Action item —
Look through the data below, and copy each line that carries the word "ｽｺﾀｧﾄ".

--------------------------------------------------

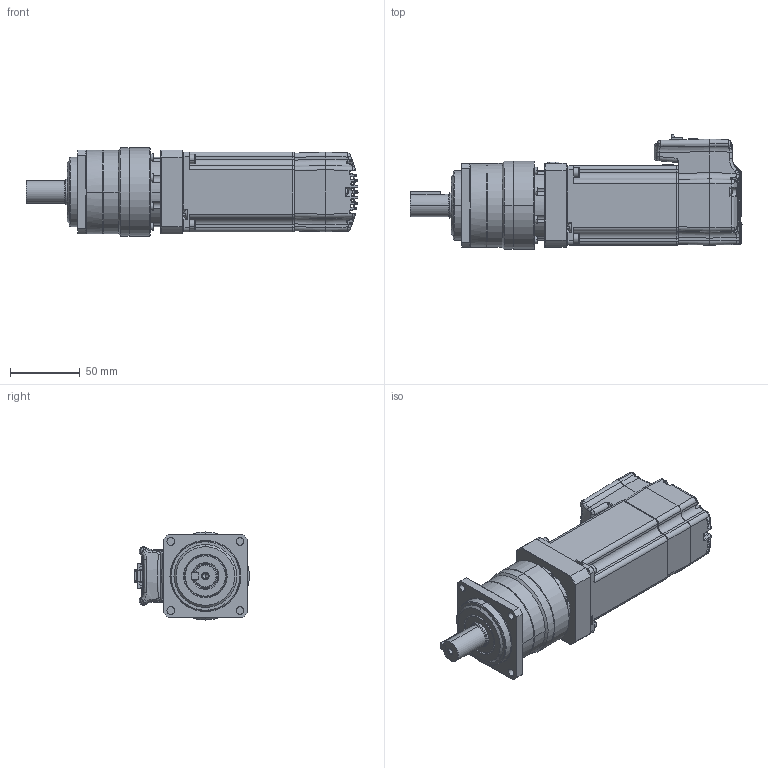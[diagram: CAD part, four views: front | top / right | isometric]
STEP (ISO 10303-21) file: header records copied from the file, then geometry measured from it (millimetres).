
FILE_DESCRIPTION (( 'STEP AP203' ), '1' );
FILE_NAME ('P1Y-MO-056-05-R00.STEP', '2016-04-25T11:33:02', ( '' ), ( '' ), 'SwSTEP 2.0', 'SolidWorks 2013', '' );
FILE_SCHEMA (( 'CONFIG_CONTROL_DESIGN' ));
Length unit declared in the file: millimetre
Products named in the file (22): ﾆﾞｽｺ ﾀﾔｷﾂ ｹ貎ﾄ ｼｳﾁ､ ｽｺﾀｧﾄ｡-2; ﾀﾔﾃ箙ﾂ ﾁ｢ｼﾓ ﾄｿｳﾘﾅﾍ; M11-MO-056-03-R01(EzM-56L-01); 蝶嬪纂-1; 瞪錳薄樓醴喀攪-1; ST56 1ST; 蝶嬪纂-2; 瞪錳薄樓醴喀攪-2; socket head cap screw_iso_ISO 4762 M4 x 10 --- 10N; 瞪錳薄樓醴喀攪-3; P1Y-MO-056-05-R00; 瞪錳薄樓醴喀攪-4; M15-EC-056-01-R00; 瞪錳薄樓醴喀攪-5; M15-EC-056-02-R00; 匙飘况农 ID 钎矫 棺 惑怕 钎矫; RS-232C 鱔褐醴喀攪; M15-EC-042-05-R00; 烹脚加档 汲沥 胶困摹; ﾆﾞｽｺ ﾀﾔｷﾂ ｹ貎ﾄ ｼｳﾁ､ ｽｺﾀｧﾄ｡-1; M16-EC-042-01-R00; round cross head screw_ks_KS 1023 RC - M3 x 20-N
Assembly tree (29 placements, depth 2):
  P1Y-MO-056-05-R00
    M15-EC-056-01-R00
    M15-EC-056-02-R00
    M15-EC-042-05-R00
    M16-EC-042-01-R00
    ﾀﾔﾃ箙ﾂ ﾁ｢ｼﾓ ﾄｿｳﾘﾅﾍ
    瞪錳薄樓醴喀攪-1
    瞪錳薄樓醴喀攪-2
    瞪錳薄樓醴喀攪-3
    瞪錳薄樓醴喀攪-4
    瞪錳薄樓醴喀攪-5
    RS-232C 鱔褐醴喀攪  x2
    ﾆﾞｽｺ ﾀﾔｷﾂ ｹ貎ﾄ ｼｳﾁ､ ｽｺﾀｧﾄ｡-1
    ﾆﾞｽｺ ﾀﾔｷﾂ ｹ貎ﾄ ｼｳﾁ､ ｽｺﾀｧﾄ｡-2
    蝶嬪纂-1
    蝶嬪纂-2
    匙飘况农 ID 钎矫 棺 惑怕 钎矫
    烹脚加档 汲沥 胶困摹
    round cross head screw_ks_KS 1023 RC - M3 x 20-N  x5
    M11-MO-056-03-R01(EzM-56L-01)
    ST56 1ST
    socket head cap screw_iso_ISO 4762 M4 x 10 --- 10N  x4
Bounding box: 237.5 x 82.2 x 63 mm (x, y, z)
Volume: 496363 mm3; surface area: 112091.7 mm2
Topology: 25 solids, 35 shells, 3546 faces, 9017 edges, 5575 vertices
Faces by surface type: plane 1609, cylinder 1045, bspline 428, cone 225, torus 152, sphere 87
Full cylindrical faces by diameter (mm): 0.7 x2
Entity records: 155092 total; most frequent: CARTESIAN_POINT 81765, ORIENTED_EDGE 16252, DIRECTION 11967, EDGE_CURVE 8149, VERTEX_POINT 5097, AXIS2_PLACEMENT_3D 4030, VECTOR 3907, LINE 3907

--------------------------------------------------

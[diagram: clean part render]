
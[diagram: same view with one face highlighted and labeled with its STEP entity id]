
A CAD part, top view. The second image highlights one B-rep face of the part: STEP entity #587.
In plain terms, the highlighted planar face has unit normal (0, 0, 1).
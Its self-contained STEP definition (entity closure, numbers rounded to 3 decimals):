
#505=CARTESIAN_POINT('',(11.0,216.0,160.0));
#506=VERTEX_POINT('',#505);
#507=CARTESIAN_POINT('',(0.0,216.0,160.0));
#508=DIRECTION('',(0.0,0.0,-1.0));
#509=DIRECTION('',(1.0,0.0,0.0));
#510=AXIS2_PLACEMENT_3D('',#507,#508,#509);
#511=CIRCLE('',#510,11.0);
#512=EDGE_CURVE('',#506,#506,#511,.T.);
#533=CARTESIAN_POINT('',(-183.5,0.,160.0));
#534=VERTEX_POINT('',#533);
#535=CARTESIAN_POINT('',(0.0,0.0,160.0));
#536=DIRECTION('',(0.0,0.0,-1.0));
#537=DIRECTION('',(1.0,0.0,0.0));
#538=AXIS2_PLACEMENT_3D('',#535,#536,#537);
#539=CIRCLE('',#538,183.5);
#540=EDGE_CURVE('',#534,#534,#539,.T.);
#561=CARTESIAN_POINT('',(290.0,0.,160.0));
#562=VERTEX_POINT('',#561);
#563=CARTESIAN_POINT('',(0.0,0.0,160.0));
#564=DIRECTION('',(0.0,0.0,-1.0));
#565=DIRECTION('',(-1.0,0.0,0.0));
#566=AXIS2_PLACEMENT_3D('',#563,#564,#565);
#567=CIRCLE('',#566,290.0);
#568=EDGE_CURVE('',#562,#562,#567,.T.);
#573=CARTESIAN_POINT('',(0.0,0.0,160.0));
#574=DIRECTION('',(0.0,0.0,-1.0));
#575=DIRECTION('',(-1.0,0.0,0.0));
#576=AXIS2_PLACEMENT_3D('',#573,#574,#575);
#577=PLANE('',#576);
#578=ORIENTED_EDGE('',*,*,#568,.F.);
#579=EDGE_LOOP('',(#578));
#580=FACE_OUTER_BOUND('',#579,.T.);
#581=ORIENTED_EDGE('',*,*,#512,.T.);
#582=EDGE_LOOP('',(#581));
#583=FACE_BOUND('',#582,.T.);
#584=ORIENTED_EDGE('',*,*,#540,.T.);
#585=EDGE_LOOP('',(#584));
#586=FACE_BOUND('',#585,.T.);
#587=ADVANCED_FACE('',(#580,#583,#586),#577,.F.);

--------------------------------------------------

Output below —
Products named in the file (22): ﾆﾞｽｺ ﾀﾔｷﾂ ｹ貎ﾄ ｼｳﾁ､ ｽｺﾀｧﾄ｡-2; ﾀﾔﾃ箙ﾂ ﾁ｢ｼﾓ ﾄｿｳﾘﾅﾍ; M11-MO-056-03-R01(EzM-56L-01); 蝶嬪纂-1; 瞪錳薄樓醴喀攪-1; ST56 1ST; 蝶嬪纂-2; 瞪錳薄樓醴喀攪-2; socket head cap screw_iso_ISO 4762 M4 x 10 --- 10N; 瞪錳薄樓醴喀攪-3; P1Y-MO-056-05-R00; 瞪錳薄樓醴喀攪-4; M15-EC-056-01-R00; 瞪錳薄樓醴喀攪-5; M15-EC-056-02-R00; 匙飘况农 ID 钎矫 棺 惑怕 钎矫; RS-232C 鱔褐醴喀攪; M15-EC-042-05-R00; 烹脚加档 汲沥 胶困摹; ﾆﾞｽｺ ﾀﾔｷﾂ ｹ貎ﾄ ｼｳﾁ､ ｽｺﾀｧﾄ｡-1; M16-EC-042-01-R00; round cross head screw_ks_KS 1023 RC - M3 x 20-N
    ﾆﾞｽｺ ﾀﾔｷﾂ ｹ貎ﾄ ｼｳﾁ､ ｽｺﾀｧﾄ｡-1
    ﾆﾞｽｺ ﾀﾔｷﾂ ｹ貎ﾄ ｼｳﾁ､ ｽｺﾀｧﾄ｡-2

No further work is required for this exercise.